Could my binary contain a signature that asserted that it only uses Chrome API calls and never ventures further into a machine trespass?
Would this need some sort of blockchain service? Thoughts against my wild scrying would be appreciated..
At first this post seemed almost like trolling, but I guess you are asking seriously :D
As far as I know, there's no such thing, and due to how modern OSes work you can't really "proof" that your binary doesn't call OS APIs or anything like that.
It's certainly possible to verify and only allow specific API calls for non-native code (e.g. JS), but for native binaries there isn't such a thing.
Also, the "blockchain" term is orthogonal to this matter - it has nothing to do with verifying API calls.
you can't really "prove" that your binary doesn't call OS APIs
I'd love to understand why you can't do this.
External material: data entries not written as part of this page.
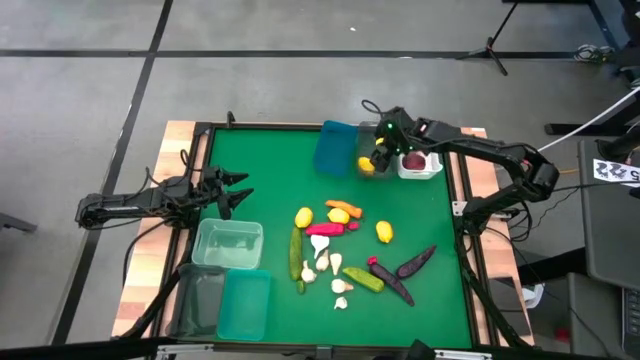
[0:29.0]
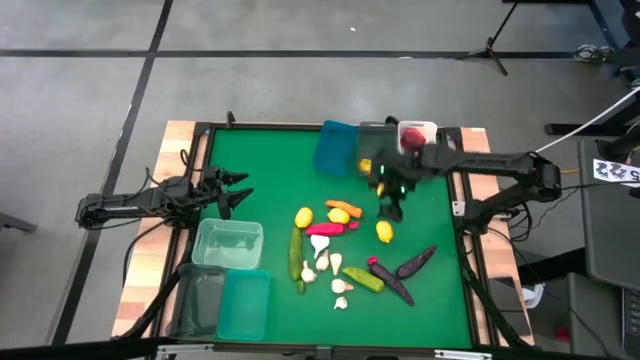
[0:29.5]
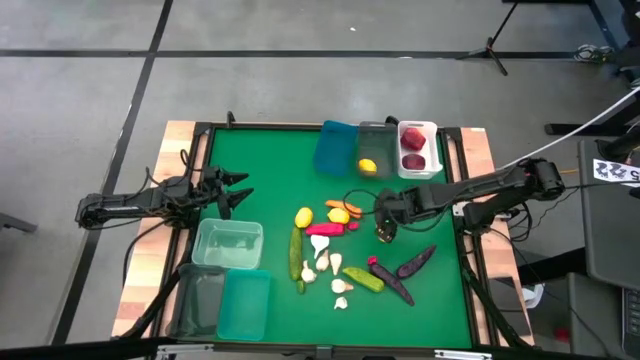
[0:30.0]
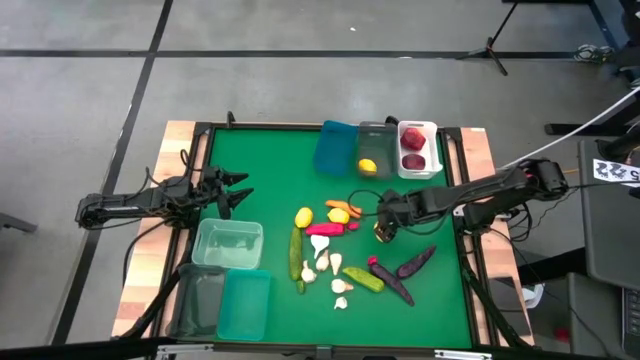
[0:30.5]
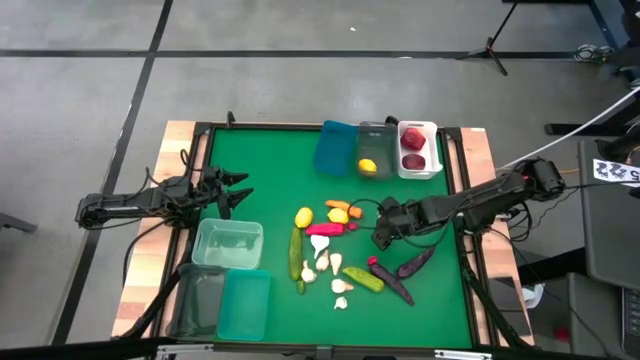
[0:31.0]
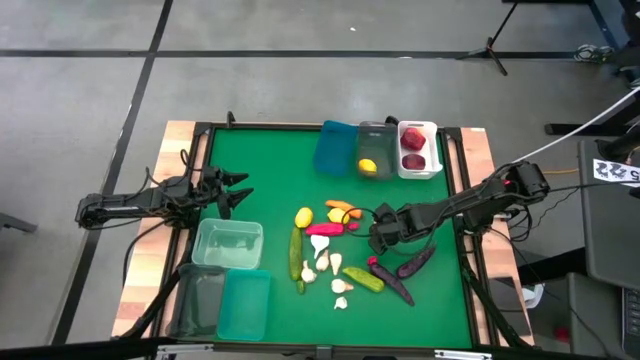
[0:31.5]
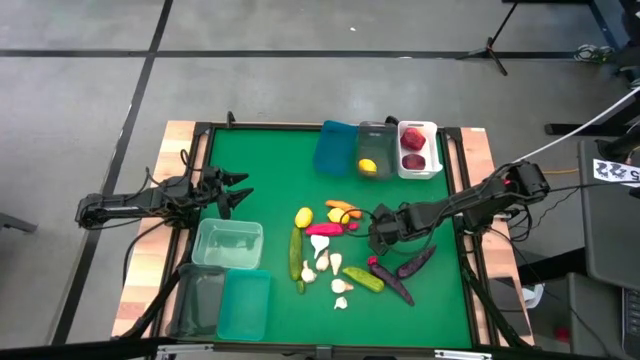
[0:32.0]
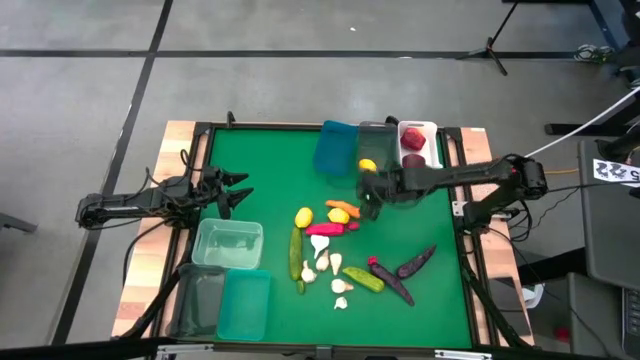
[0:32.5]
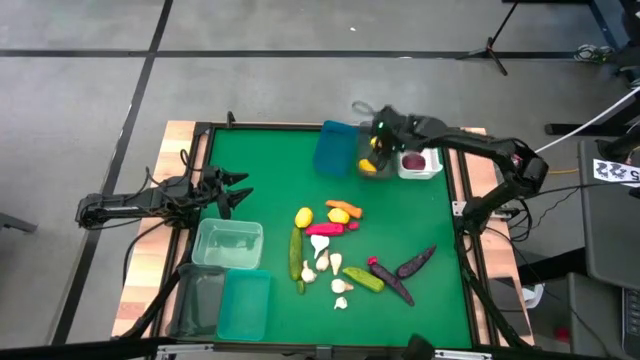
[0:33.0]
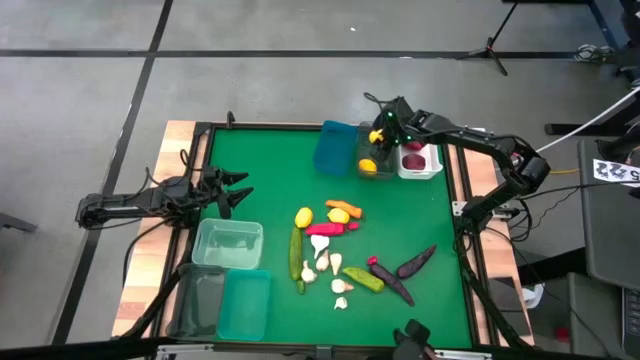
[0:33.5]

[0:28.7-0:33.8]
Put the yellow lemon into the top black bin

Could you not see whether a binary ever used a syscall instruction?
Because it is an undecidable problem.
The only universal way to know the result of arbitrary program is to run it. And whenever running a program (in Turing-complete language), you have to face the non-halting problem. You will never know whether the program will end or at some point generate a syscall.
Sandboxing works by imposing limit on API, but not by deciding whether a program call certain API.
For clarification- def. not trolling and would never do that on here but as a philosophical temperament I am not unused to accidental annoying.
To explain blockchain comment, I see Ethereum being used to make various economies, not just new art assets with NFT but to provide encryption services. Apple vets binaries, presumably by observing them with elaborate tooling. If it is not possible to provide automatic safeguards, I see two possibilities: more browser platform takeover, or a new economy that incentivises the certification of binaries, somehow. It may be that there just isn't enough market demand for assurances right now. But interesting to think about this.